TcpStream is a tool for filtering and reconstructing unidirectional tcp stream from raw ethernet packets, allowing the user to process tcp payload as if it's from a TcpConnection. TcpStream can be used in conjunction with EthReceiver or any pcap readers.

// init filter based on src and dst addresses
// use "0.0.0.0" for wildcard ip and 0 for wildcard port
void initFilter(const char* src_ip, uint16_t src_port, const char* dst_ip, uint16_t dst_port);

// check if this raw packet matches the filter
bool filterPacket(const char* data, uint32_t size);

// handle a raw packet of data,size
// the signature of Handler is the same as that of TcpConnection.read()
template<typename Handler>
bool handlePacket(const char* data, uint32_t size, Handler handler);

Note that TcpStream has a template parameter WaitForResend = false, which indicates whether to wait for resend data once data drop is detected.
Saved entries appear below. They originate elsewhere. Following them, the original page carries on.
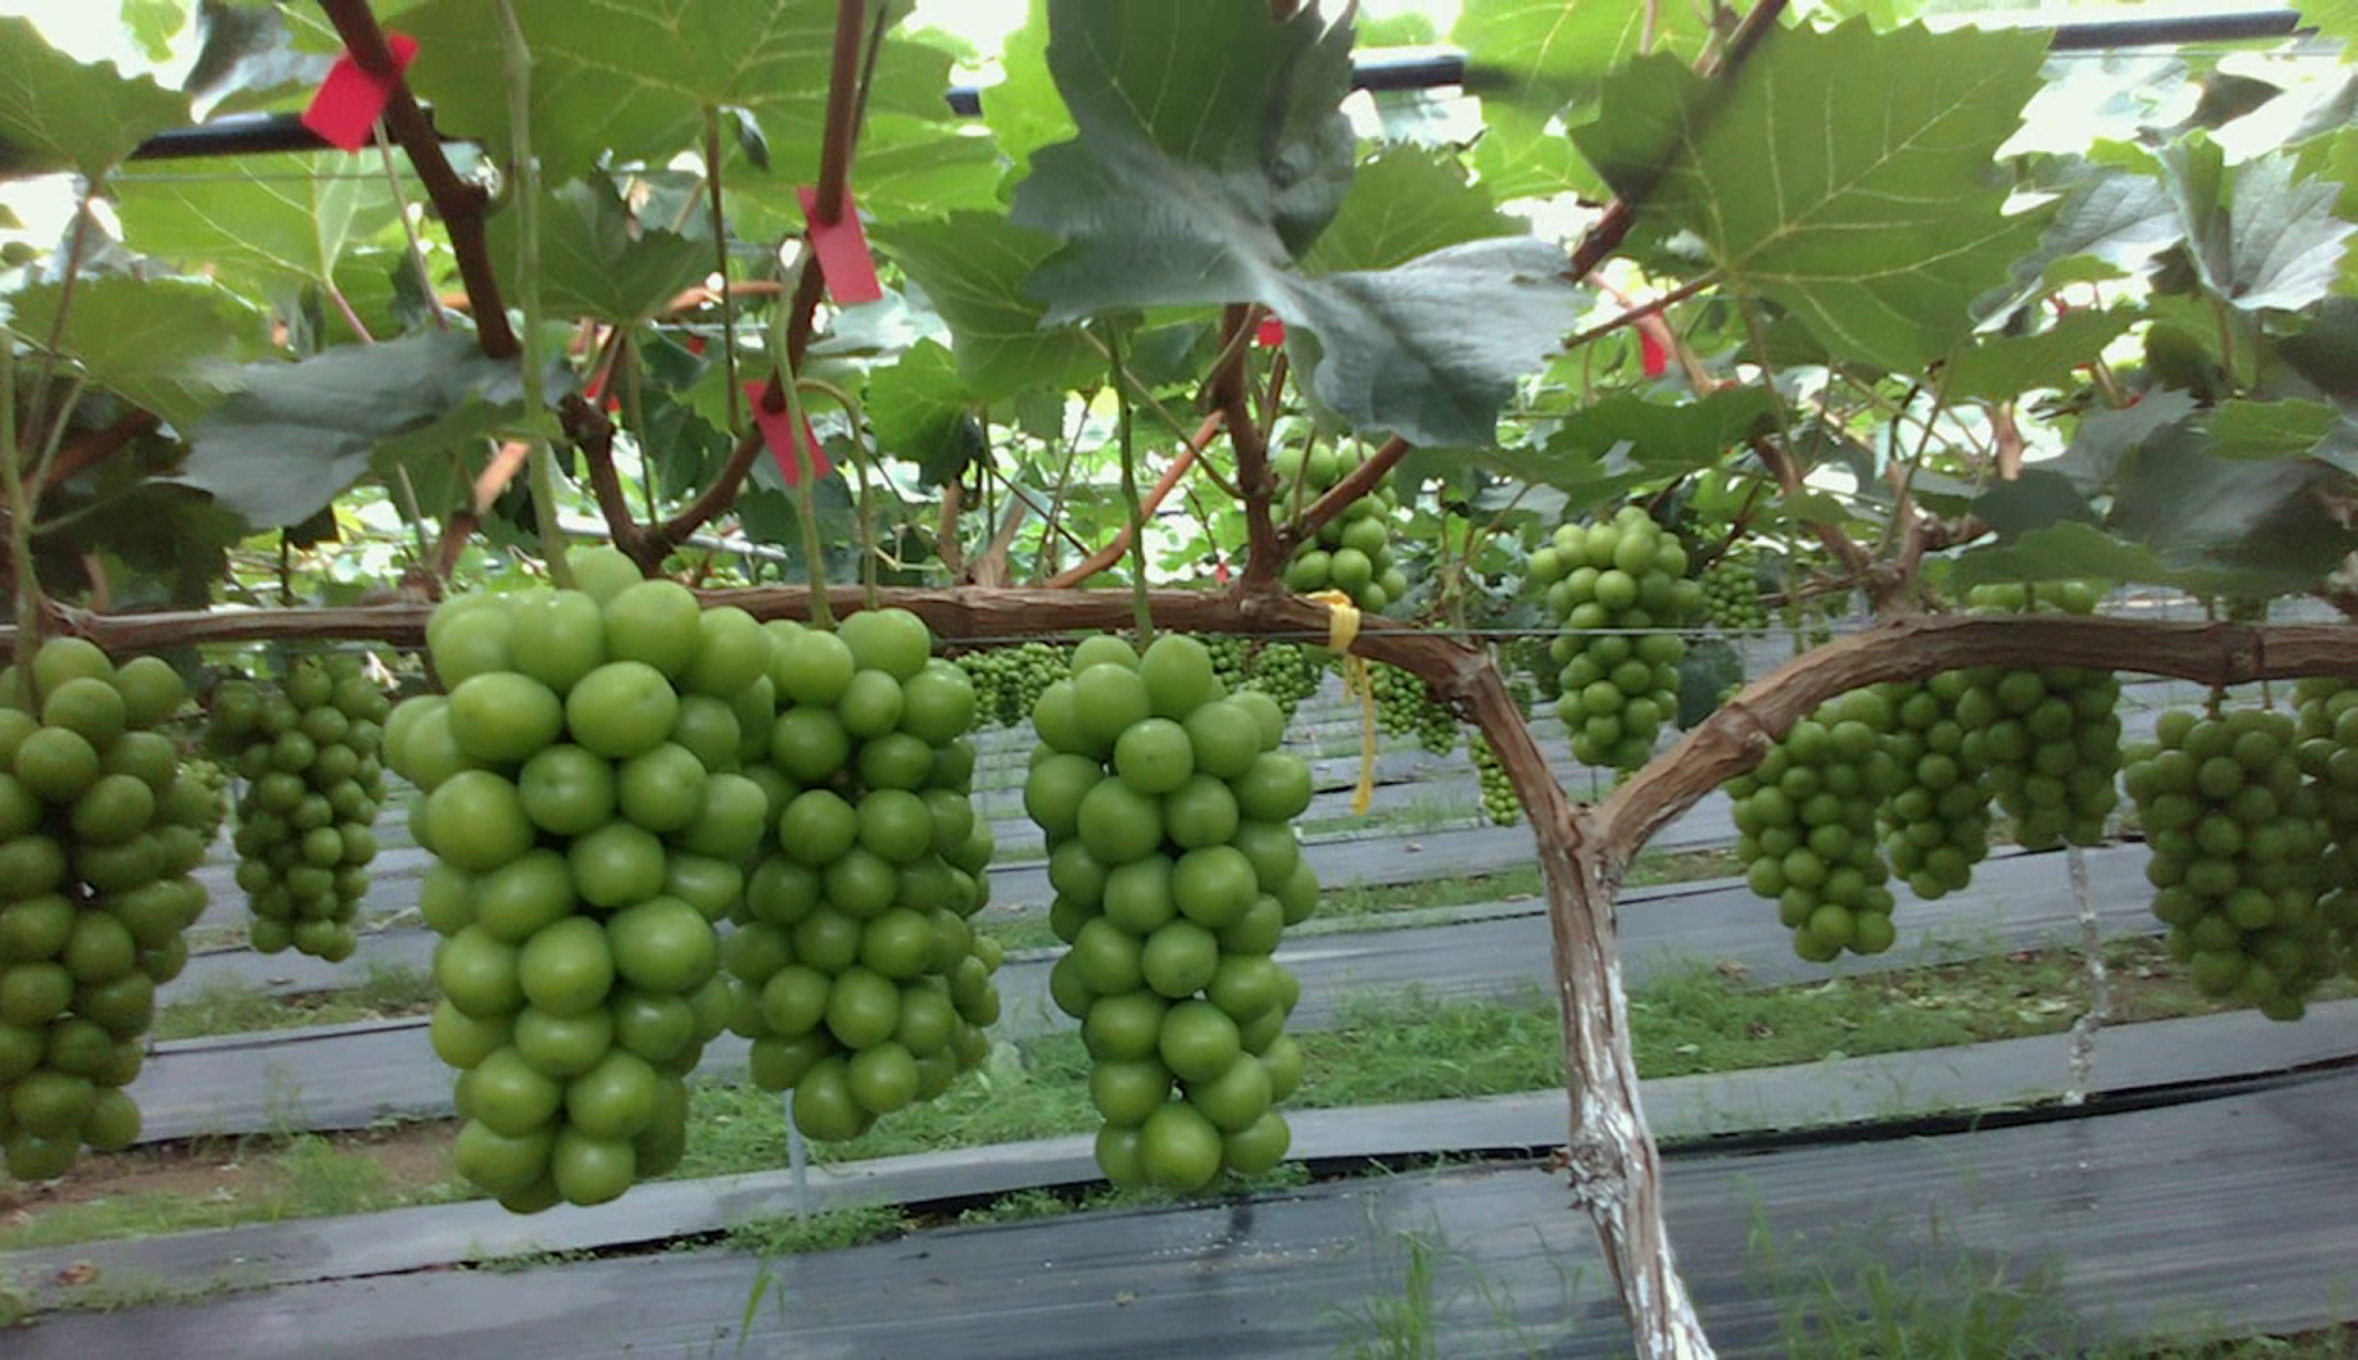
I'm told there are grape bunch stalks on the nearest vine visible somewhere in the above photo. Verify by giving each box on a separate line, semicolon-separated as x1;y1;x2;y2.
1103;319;1151;650
797;378;877;606
486;4;578;591
771;242;833;625
0;327;47;708
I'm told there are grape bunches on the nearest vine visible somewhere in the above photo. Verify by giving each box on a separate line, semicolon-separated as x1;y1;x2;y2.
2;637;208;1181
727;606;992;1143
382;582;771;1215
1026;637;1317;1199

If set to true, use will get intact tcp stream. But sometimes this is impossible because e.g. switch could drop packets on mirror port which would never be resent. Setting WaitForResend to false adds packets drop tolerance and also timeliness for new data handling. Once packet drop is detected, any remaining data is also discarded and new data is feed to user immediately, thus user must be ready for handling stream of data where segments could be missing between different calls of handlePacket.

EFVI Ping

An EFVI implemented ping program intended to provide lower rtt latency and higher precision(in nanoseconds).

Usage: ./efvi_ping dest_ip [pack_per_sec=1], note that root permission is required. Example:

image

How to switch between different implementations

In examples, this is done via macro selections so that tcpdirect/efvi headers will not be included to prevent from compile errors on machines where onload is not installed.

struct ClientConf
{
  static const uint32_t RecvBufSize = 4096;
  static const uint32_t ConnRetrySec = 5;
  static const uint32_t SendTimeoutSec = 1;
  static const uint32_t RecvTimeoutSec = 3;
  struct UserData
  {
  };
};

#ifdef USE_TCPDIRECT
#include "../Tcpdirect.h"
using TcpClient = TcpdirectTcpClient<ClientConf>;
#else
#ifdef USE_EFVI
#include "../efvitcp/EfviTcp.h"
using TcpClient = EfviTcpClient<ClientConf>;
#else
#include "../Socket.h"
using TcpClient = SocketTcpClient<ClientConf>;
#endif
#endif

User can also use template parameter to choose implementation in the run time without performance compromise:


template<typename TcpClient>
class MyApp: public BaseApp
{
public:
  virtual void run() override;
  ...

private:
  struct ClientConf{
    ...
  };
  TcpClient<ClientConf> client;
  ...
};
...

#include "MyApp.h"
#include "pollnet/Tcpdirect.h"
#include "pollnet/Socket.h"
#include "pollnet/efvitcp/EfviTcp.h"

BaseApp* app;
if(Config()::useTcpdirect()){
  app = new MyApp<TcpdirectTcpClient>();
}
else if(Config()::useEfvi()){
  app = new MyApp<EfviClient>();
}
else {
  app = new MyApp<SocketTcpClient>();
}
app->run();

Thread safety

Pollnet libs are not designed to be thread safe, mainly because tcpdirect/efvi are not thread safe.